Brief
Print the data exactly as written, line for line, and leave its pictures behind.

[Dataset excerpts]
* * * * * * *
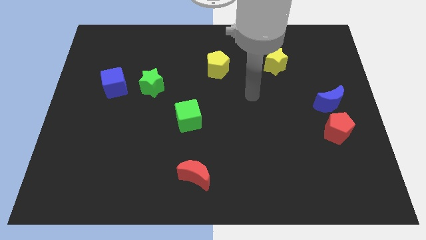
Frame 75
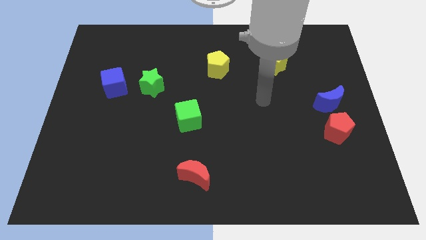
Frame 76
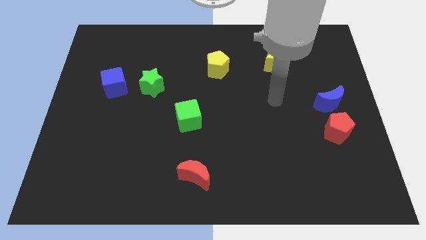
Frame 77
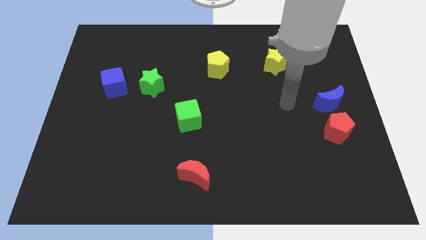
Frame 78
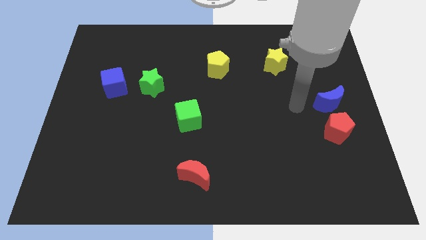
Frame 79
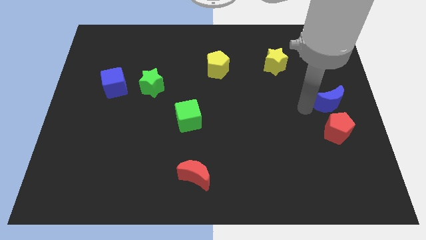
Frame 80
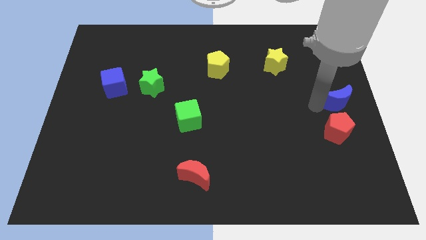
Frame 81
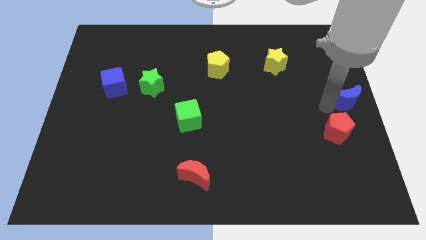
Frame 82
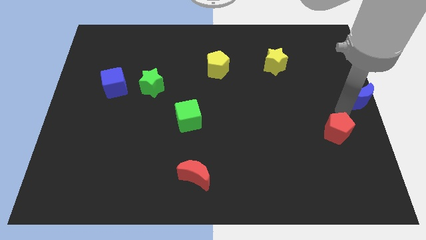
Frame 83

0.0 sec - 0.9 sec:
pull the red pentagon apart from the blue moon
* * * * * * *
Result of the task
Frame 75
Frame 76
Frame 77
Frame 78
Frame 79
Frame 80
Frame 81
Frame 82
Frame 83

0.0 sec - 0.9 sec:
pull the red pentagon apart from the blue moon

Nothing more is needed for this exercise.